The ETL system mentioned above is composed of 1 Producer filter, 2 Tester filter, 2 Transform filter and 1 Consumer filter. The main data processing logic is to calculate the telemetry index of the system. The system has high scalability in architecture. For example, if we want to add a new index calculation, we can add new Tester and Transform after Uptime Filter, so the original index calculation of the system does not need to be changed. For example, if the system plans to replace MongoDB with HBase later, we can develop a new HBase Output to replace the original Database Output, and other processes of the system do not need to be changed.

Architecture score

The pipeline architecture pattern is usually implemented as a monolithic architecture, which, like the hierarchical architecture, has low ratings on Elasticity, Fault tolerance, and Scalability because of its disadvantages. Simplicity is one of the key advantages of pipeline architecture patterns, while Filter and PIPE are simple to implement and can quickly build a pipe-based architecture style system with high Overall cost scores.

In addition, compared with the hierarchical architecture mode, the pipeline architecture mode has higher scores on Modularity, Evolutionary and Testability, which is due to the loose coupling between the filters. We can easily extend the system’s filters and test a single filter.

conclusion

This article focuses on the pipe architecture pattern, which consists of a pipe and a filter. According to the specific data processing logic, filter is divided into producer, Transformer, Tester and consumer, which is a typical technical partition software architecture style. Pipeline architecture is widely used because of its high scalability, including low-level implementation of Shell language and high-level implementation of ETL system.

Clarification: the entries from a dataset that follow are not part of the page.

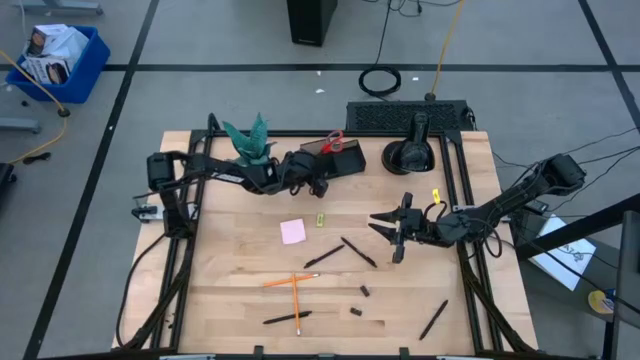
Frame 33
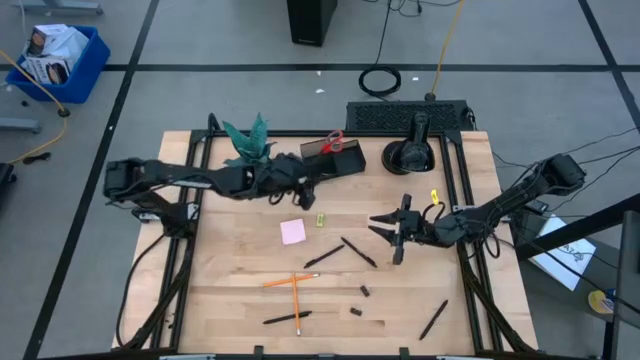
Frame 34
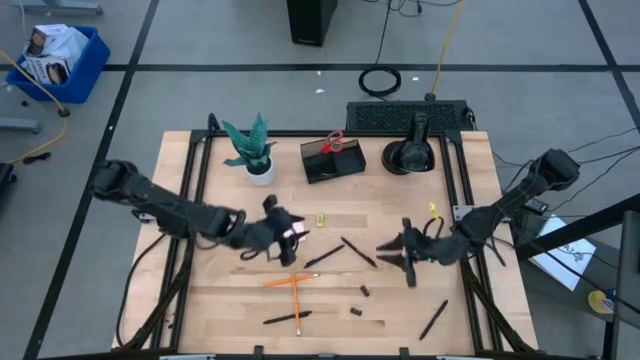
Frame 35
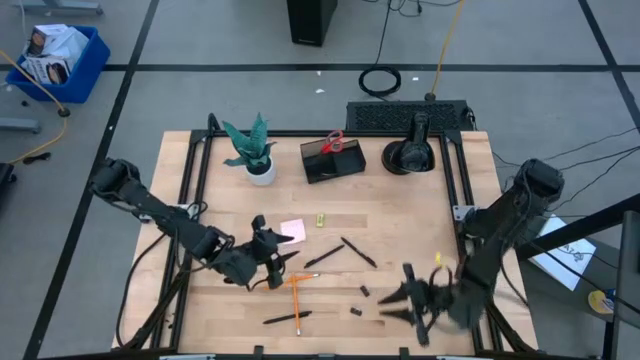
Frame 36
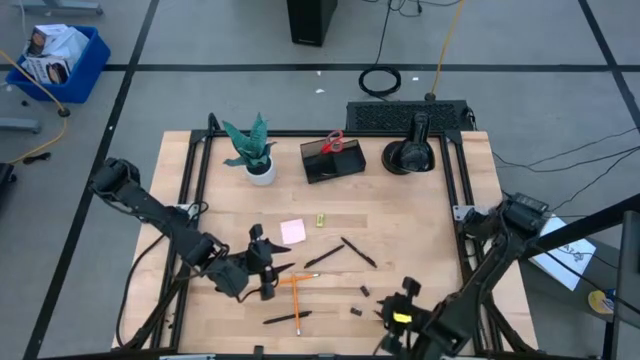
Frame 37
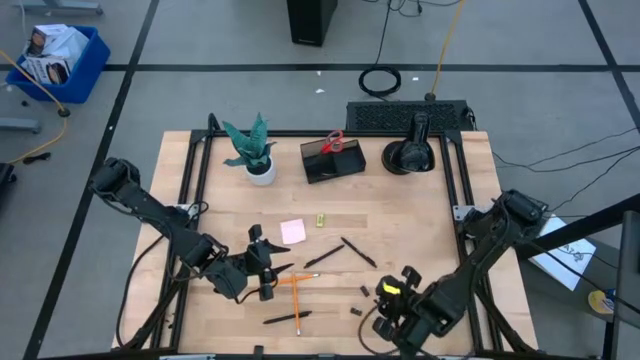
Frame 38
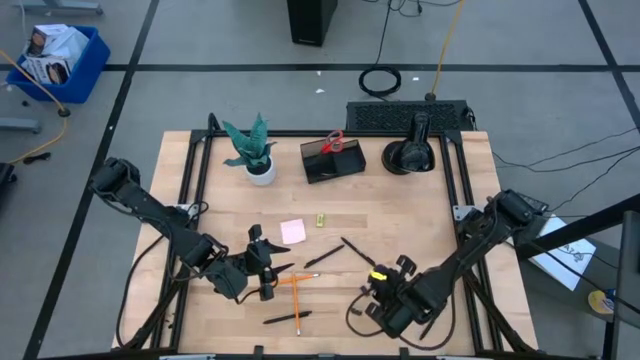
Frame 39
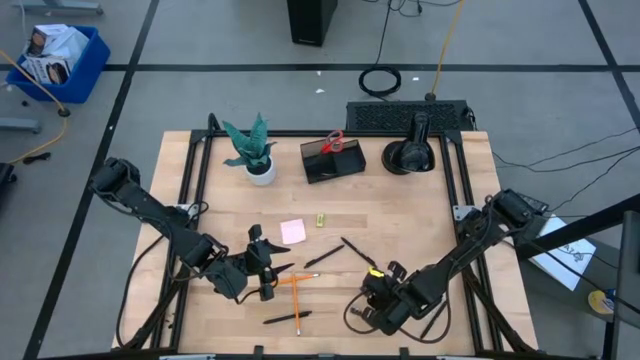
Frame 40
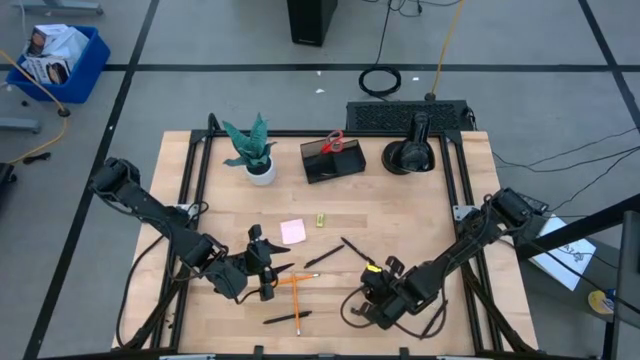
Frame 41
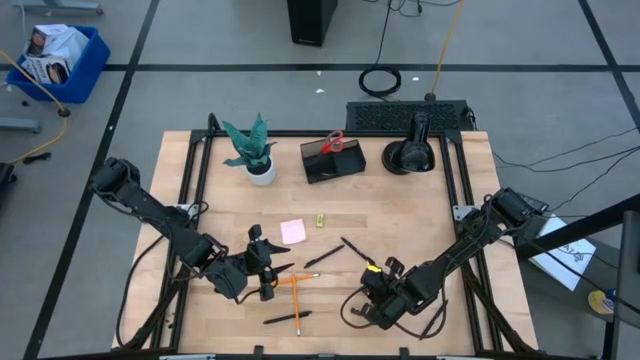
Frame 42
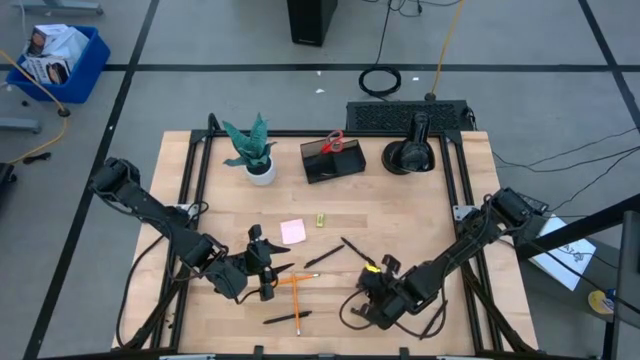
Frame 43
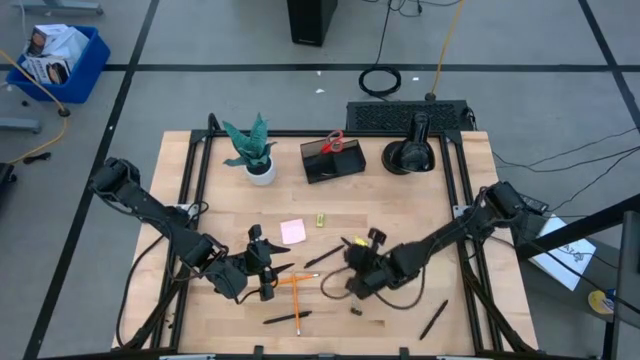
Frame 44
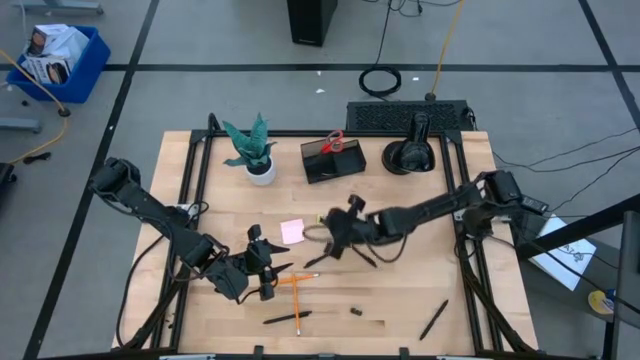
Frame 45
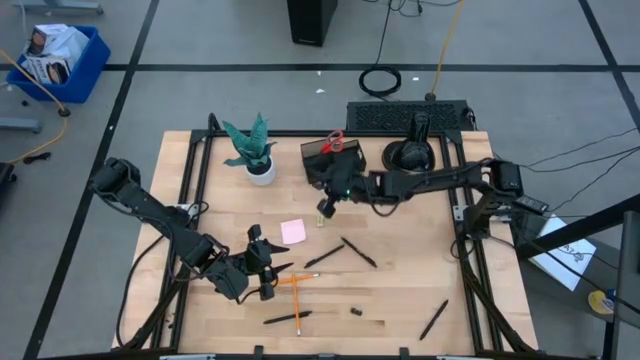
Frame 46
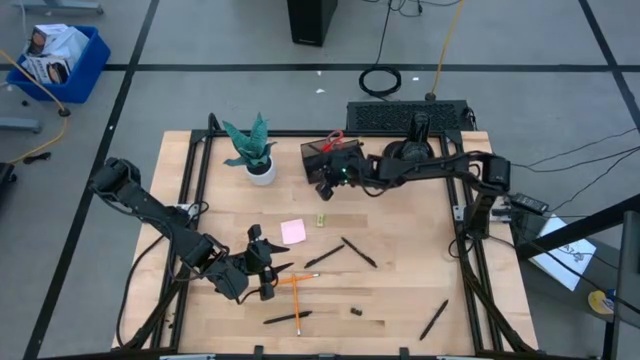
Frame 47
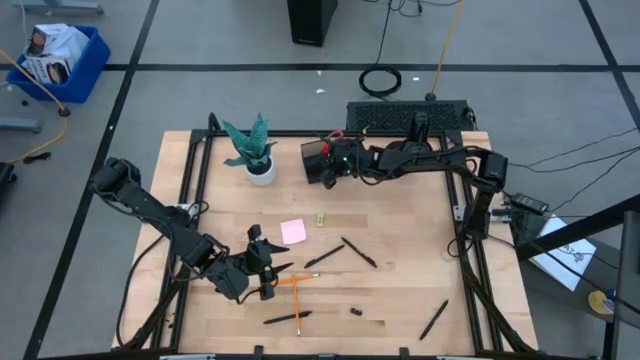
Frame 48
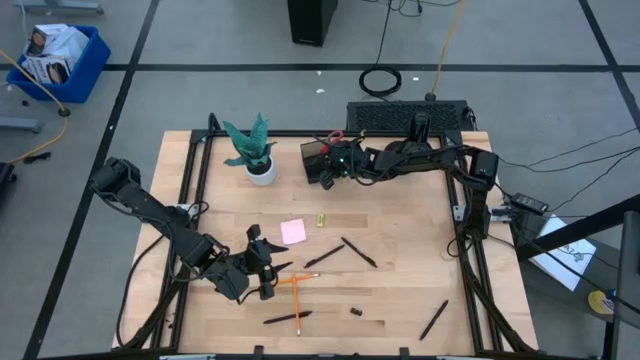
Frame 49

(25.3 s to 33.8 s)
Task: Pick and place office supplies into organizer
Put the black binder clip into the black black mesh desk organizer

While this pattern is usually implemented as a monolithic architecture, distributed system-based programming patterns such as MapReduce are also implemented. In short, if you need to model a data-processing system, you can seriously consider adopting a pipeline architecture pattern.

Each architectural pattern has its own suitable application scenarios. Only by being familiar with several commonly used architectural patterns can we design a better software system. We will continue this in the next articleMicrokernel architecture.